The division is actually multiplication by the inverse. So you have first calculate the inverse of $(x_2 - x_1)$ or $2y_1$ first in the finite field which again needs to be broken into basic operations (numerical addition/multiplication). And then the whole formula becomes something which can be just done using addition & multiplication gates.

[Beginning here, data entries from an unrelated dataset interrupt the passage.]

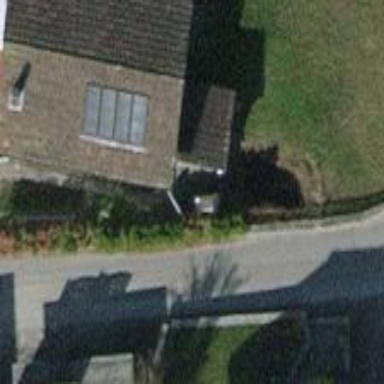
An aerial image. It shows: Semi-detached house.
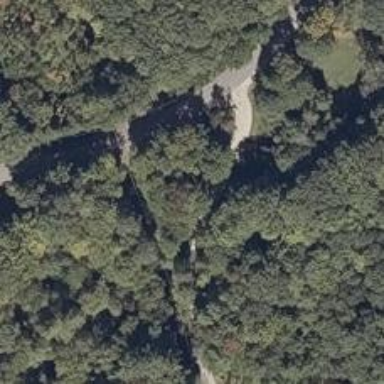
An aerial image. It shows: Dense forest.
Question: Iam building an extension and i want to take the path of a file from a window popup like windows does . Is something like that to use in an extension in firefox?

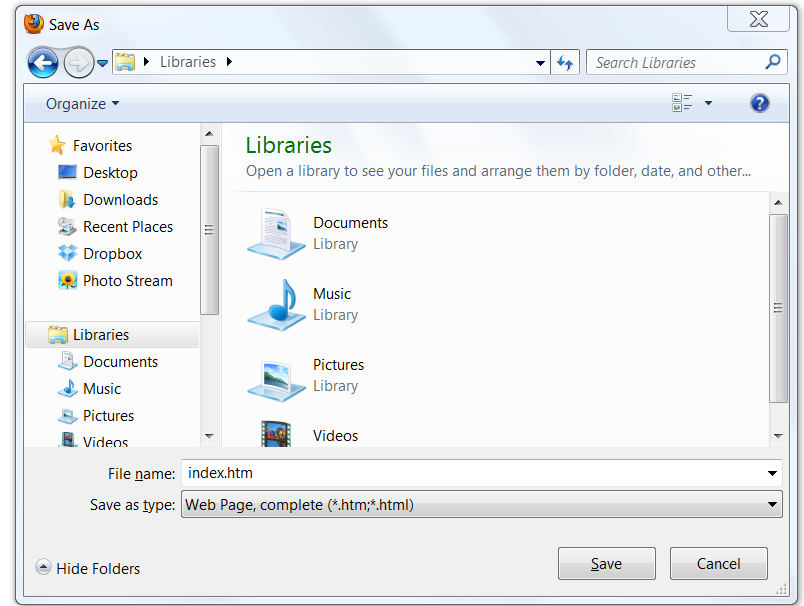
Answer: You should check out <URL>
To begin, you need to create a file picker component and initialize it.
'''
var nsIFilePicker = Components.interfaces.nsIFilePicker;
var fp = Components.classes["@mozilla.org/filepicker;1"].createInstance(nsIFilePicker);
fp.init(window, "Select a File", nsIFilePicker.modeOpen);
'''
> First, a new file picker object is created and stored in the variable
'fp'. The 'init' function is used to initialize the file picker. This
function takes three arguments, the window that is opening the dialog,
the title of the dialog and the mode. The mode here is modeOpen which
is used for an Open dialog. You can also use modeGetFolder and
modeSave for the other two modes. These modes are constants of the
nsIFilePicker interface.
> Finally, you can show the dialog by calling the show() function. It
takes no arguments but returns a status code that indicates what the
user selected. Note that the function does not return until the user
has selected a file. The function returns one of three constants: - the user selected a file and pressed OK. The file the user
selected will be stored in the file picker's file property. - the user pressed Cancel. - in the save
mode, this return value identifies that the user selected a file to be
replaced. (returnOK will be returned when the user entered the name of
a new file.) You should check the return value and then get the file
object from the file picker using the file property.
'''
var res = fp.show();
if (res != nsIFilePicker.returnCancel){
var thefile = fp.file;
// --- do something with the file here ---
}
'''

So the addition, scalar multiplication etc are all notational operations which have to be broken down to basic arithmetic operations & then are done using circuit gates.

+ 3
Z. Chen avatar
fk flag
Z. Chen
1) Why no exponentiation provided? Indeed exponentiation can be done using the multiplication gate. But things are different when using zkSNARKs. In zkSNARKs, the witness (hidden information) should be the input of a circuit. E.g. $5^4=625$ where 4 is the witness. And the circuit itself is public. Then obviously, if I give a circuit containing 4 multiplication gates of the same input 5, anyone would know my witness. 2) The formulas solve my second question. I can see basic arithmetic operations can be used to do scalar multiplication.
0
Reply
Z. Chen avatar
fk flag
Z. Chen
And may I ask a little additional question: Changing the exponent operations in $Z_p$ to scalar multiplications of elliptic curve group for the purpose of using zkSNARKs is just my idea. Does it really work like this in reality?
0
Reply
et flag
user93353
In group theory, the multiplication & additional operations are actually notational - they may not actually mean addition or multiplication. As you see in Elliptic curve groups, addition is actually some other formula & not arithmetic addition. Even there some choose to write the scalar multiplication $nG$ as $G^n$ - you will find lots of cryptographic documents which use $G^n$ for scalar multiplication even though there is no actual exponentiation (there is even no notational exponentiation in a additive group). In group theory all operations are notational.
0
Reply
ธงชาติไทย
Elon Musk
I sit in a Tesla and translated this thread with Ai:

mangohost

Post an answer

Most people don’t grasp that asking a lot of questions unlocks learning and improves interpersonal bonding. In Alison’s studies, for example, though people could accurately recall how many questions had been asked in their conversations, they didn’t intuit the link between questions and liking. Across four studies, in which participants were engaged in conversations themselves or read transcripts of others’ conversations, people tended not to realize that question asking would influence—or had influenced—the level of amity between the conversationalists.